Work required:
Extract the text of every entry below exactly; leave images out.

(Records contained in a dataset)

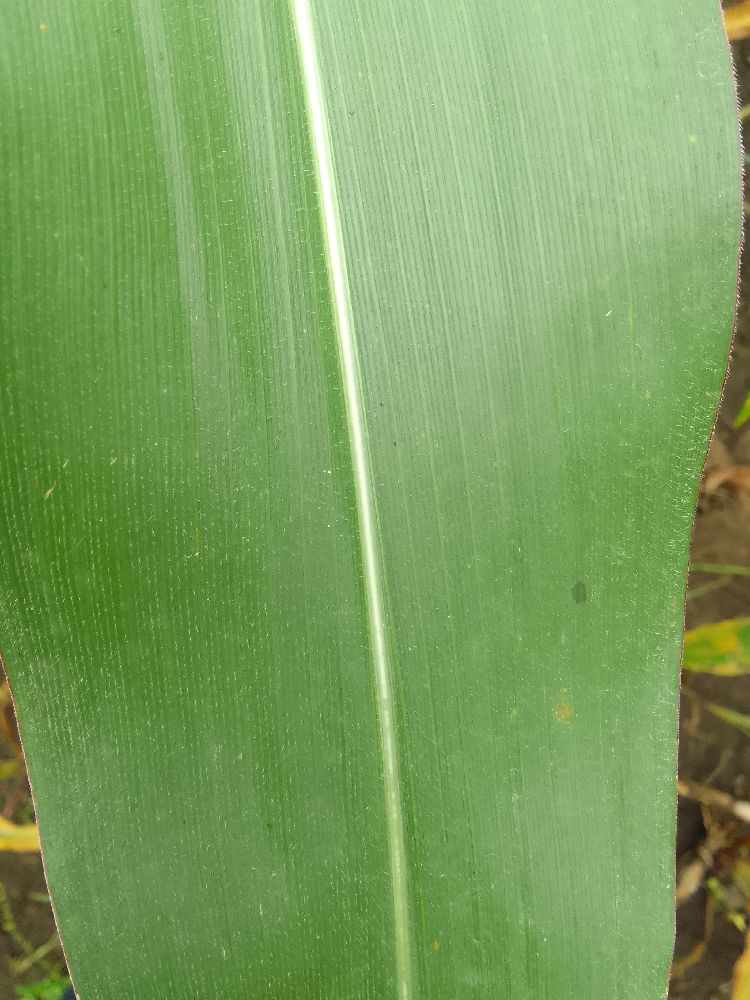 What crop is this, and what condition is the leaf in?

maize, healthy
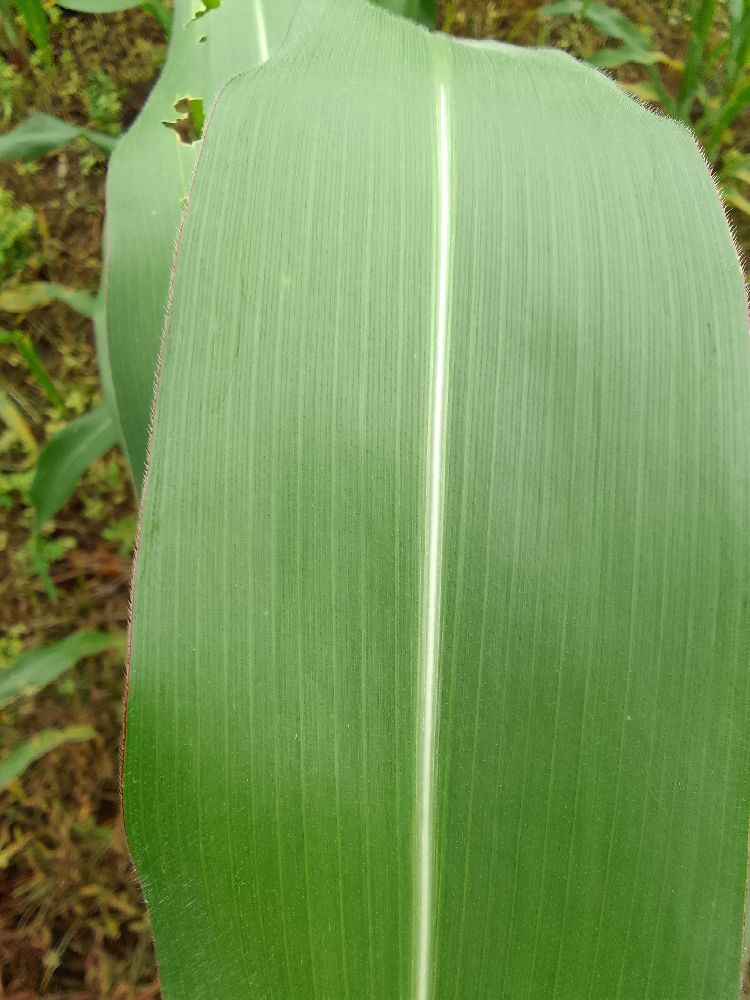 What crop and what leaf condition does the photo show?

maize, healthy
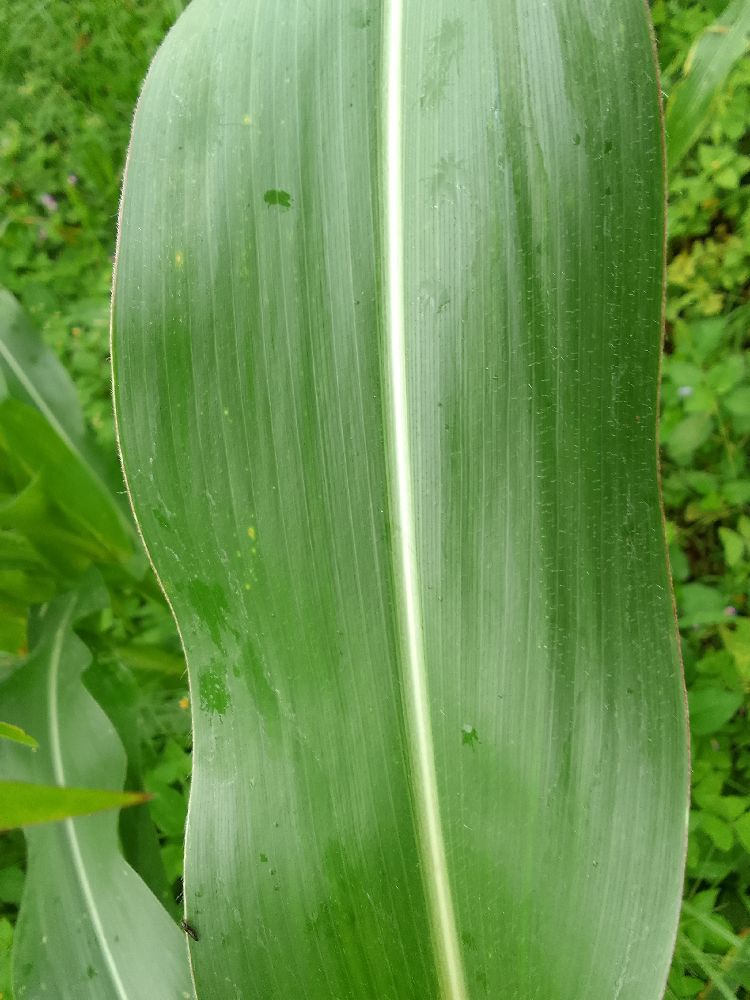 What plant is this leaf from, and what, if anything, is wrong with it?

Expected output:
 What crop is this, and what condition is the leaf in?

maize, healthy
 What crop and what leaf condition does the photo show?

maize, healthy
 What plant is this leaf from, and what, if anything, is wrong with it?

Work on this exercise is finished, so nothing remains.